NodeServiceImpl holds two pieces of shared state:

FileBackedStore

FileBackedStore
├── key_packages:  Mutex<HashMap<Vec<u8>, VecDeque<Vec<u8>>>>
│                  Key: Ed25519 public key (32 bytes)
│                  Value: FIFO queue of TLS-encoded KeyPackage blobs
│                  File: data/keypackages.bin (bincode)
│
├── deliveries:    Mutex<HashMap<ChannelKey, VecDeque<Vec<u8>>>>
│                  ChannelKey: { channel_id: Vec<u8>, recipient_key: Vec<u8> }
│                  Value: FIFO queue of opaque payload blobs
│                  File: data/deliveries.bin (bincode, v2 format)
│
└── hybrid_keys:   Mutex<HashMap<Vec<u8>, Vec<u8>>>
                   Key: Ed25519 public key (32 bytes)
                   Value: serialised HybridPublicKey blob
                   File: data/hybridkeys.bin (bincode)
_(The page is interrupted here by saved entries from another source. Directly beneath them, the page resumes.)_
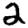
Digit: 2
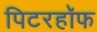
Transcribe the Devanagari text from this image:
पिटरहॉफ
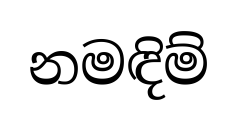
නමඳිම්
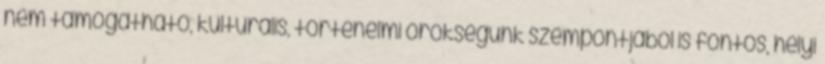
nem támogatható, kulturális, történelmi örökségünk szempontjából is fontos, helyi
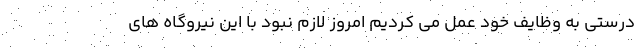
درستی به وظایف خود عمل می کردیم امروز لازم نبود با این نیروگاه های
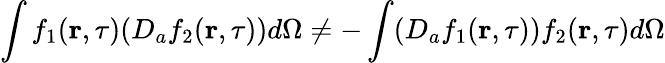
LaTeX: \int f_{1}({\mathbf r},\tau)(D_{a}f_{2}({\mathbf r},\tau))d\Omega\neq-\int(D_{a}f_{1}({\mathbf r},\tau))f_{2}({\mathbf r},\tau)d\Omega
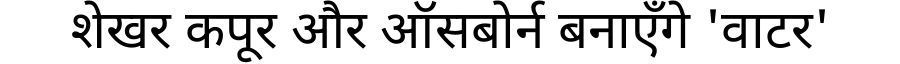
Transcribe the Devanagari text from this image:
शेखर कपूर और ऑसबोर्न बनाएँगे 'वाटर'
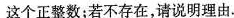
这个正整数；若不存在，请说明理由.
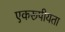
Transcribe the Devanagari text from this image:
एकरूपीयता
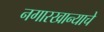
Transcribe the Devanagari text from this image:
नगारखान्याचे
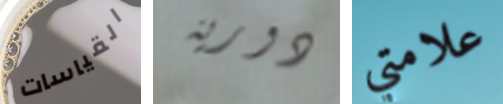
القياسات دورية علامتي
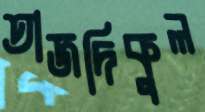
তাজদিকুল
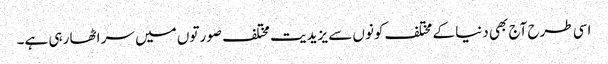
اسی طرح آج بھی دنیا کے مختلف کونوں سے یزیدیت مختلف صورتوں میں سر اٹھا رہی ہے۔
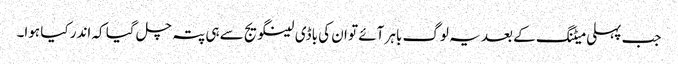
جب پہلی میٹنگ کے بعد یہ لوگ باہر آئے تو ان کی باڈی لینگویج سے ہی پتہ چل گیا کہ اندر کیا ہوا۔
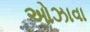
ઓઝાવા
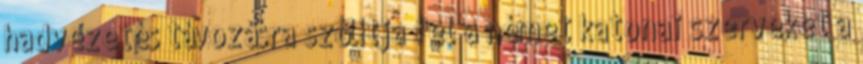
hadvezetés távozásra szólítja fel a német katonai szerveket a
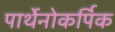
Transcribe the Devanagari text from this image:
पार्थेनोकर्पिक
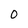
Character: 0
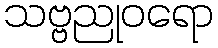
သဗ္ဗညုဝရော
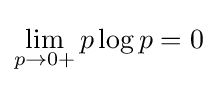
\lim _{p\rightarrow 0+}p\log p=0
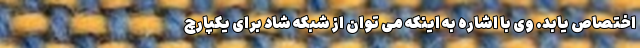
اختصاص یابد. وی با اشاره به اینکه می توان از شبکه شاد برای یکپارچ
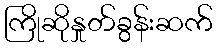
ကြိုဆိုနှုတ်ခွန်းဆက်
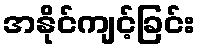
အနိုင်ကျင့်ခြင်း
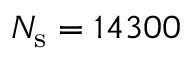
N _ { \mathrm { s } } = 1 4 3 0 0
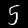
Label: 5
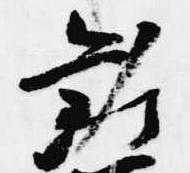
勸
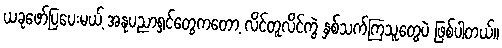
ယခုဖော်ပြပေးမယ့် အနုပညာရှင်တွေကတော့ လိင်တူလိင်ကွဲ နှစ်သက်ကြသူတွေပဲ ဖြစ်ပါတယ်။
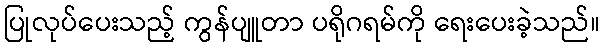
ပြုလုပ်ပေးသည့် ကွန်ပျူတာ ပရိုဂရမ်ကို ရေးပေးခဲ့သည်။
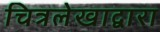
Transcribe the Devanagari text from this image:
चित्रलेखाद्वारा
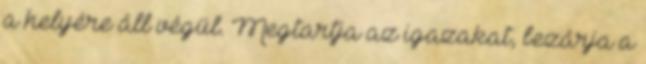
a helyére áll végül. Megtartja az igazakat, bezárja a

Every mutation (upload, fetch, enqueue) acquires the relevant Mutex, modifies the in-memory HashMap, and then flushes the entire map to disk as a bincode blob. This is intentionally simple for MVP-scale workloads. A production deployment would replace this with an embedded database or external store.

The delivery map supports a v1 -> v2 upgrade path: if deliveries.bin contains the legacy QueueMapV1 format (keyed by recipientKey only), the store transparently upgrades entries by wrapping them in ChannelKey with an empty channel_id.

DashMap Waiters

Arc<DashMap<Vec<u8>, Arc<Notify>>>
    Key: recipient Ed25519 public key (32 bytes)
    Value: tokio::sync::Notify instance

The waiters map is orthogonal to FileBackedStore. It lives entirely in memory and serves the fetchWait long-polling mechanism:

1. enqueue calls waiter(&recipient_key).notify_waiters() after storing the payload.
2. fetchWait first tries a regular fetch. If the queue is empty and timeoutMs > 0:
   • Look up or insert a Notify for the recipient.
   • tokio::time::timeout(Duration::from_millis(timeoutMs), notify.notified())
   • When notified (or on timeout), perform a second fetch and return whatever is available.

This design avoids busy-polling while keeping the implementation lock-free (DashMap uses sharded RwLocks internally).

---

Auth Struct

Every RPC method that modifies or reads user-specific state accepts an Auth parameter:

struct Auth {
  version     @0 :UInt16;   # 0 = legacy/none, 1 = token-based auth
  accessToken @1 :Data;     # opaque bearer token
  deviceId    @2 :Data;     # optional UUID for auditing/rate limiting
}

Version semantics

Version	Meaning
0	Legacy / no authentication. The server accepts the request without checking credentials. Suitable for development and testing.
1	Token-based authentication. The accessToken field should contain an opaque bearer token issued at login. The server validates the token against a token store (not yet implemented -- see Auth, Devices, and Tokens).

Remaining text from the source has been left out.